According to one of the paper’s authors, Cary Brown, the women were careful about who they shared their feelings with, fearing a dismissive response.
She said: “Many of the women chose to stay home and grieve alone, only telling a few close
friends or family about the death. One of the women was told, ‘Oh come on, it’s just an animal.’ People would never say that to someone who had lost a spouse. So instead of normalizing the grief and being able to talk about it, they shut down and feel worse and worse.
“When you’re grieving, the last thing you want to have to decide is who you tell. You’re already upset and you don’t want to have to pick and choose. It’s a sad reflection on society that people would feel inhibited to talk about their loss.”
While I have never come face-to-face with the same insensitive response to my horse’s death, I was fully aware that at some point I would need to keep my tears and memories to myself because, to put it bluntly, people get bored of misery. But after a while, that was OK.
While Achilles’ death was a hugely tragic event in my life, it also brought me a strange sense of contentment, in the end.

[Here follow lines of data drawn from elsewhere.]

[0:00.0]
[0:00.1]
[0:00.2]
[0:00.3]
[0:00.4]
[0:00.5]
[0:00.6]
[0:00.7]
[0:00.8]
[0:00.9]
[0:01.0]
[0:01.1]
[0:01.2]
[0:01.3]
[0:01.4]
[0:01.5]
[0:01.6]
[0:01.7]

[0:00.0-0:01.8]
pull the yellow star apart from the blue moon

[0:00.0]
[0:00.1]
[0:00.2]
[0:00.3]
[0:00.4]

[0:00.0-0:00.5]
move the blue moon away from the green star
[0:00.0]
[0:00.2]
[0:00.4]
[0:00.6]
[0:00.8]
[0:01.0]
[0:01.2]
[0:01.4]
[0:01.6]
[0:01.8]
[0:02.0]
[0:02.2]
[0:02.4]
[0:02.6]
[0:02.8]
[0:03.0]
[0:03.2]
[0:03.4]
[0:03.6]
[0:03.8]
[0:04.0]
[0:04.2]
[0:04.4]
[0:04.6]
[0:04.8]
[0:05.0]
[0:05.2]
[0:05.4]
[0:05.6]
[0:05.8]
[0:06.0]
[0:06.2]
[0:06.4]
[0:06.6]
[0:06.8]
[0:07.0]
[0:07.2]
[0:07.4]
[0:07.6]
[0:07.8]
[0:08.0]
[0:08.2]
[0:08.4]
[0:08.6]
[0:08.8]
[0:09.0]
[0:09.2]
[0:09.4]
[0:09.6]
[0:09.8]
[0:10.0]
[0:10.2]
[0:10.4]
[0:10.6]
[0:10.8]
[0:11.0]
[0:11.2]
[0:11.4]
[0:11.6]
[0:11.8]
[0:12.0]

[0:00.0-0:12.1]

When I say that time stopped still for me when Achilles died, I mean it. From that moment on, I stopped clock watching, I lived more in the moment and I resisted stressing about things I couldn’t change or that didn’t actually matter, not in the great scheme of things.
The house I own is just a house, the car I drive is just a car, the bills – with any luck – will be paid eventually, and the life I live is the way I want to live it. I am surrounded by animals, which means I am surrounded by love, and I cherish each and every moment I have with them because I am fully aware that sometimes life is short – and for the animals in our lives, it’s always going to be shorter than we will ever want.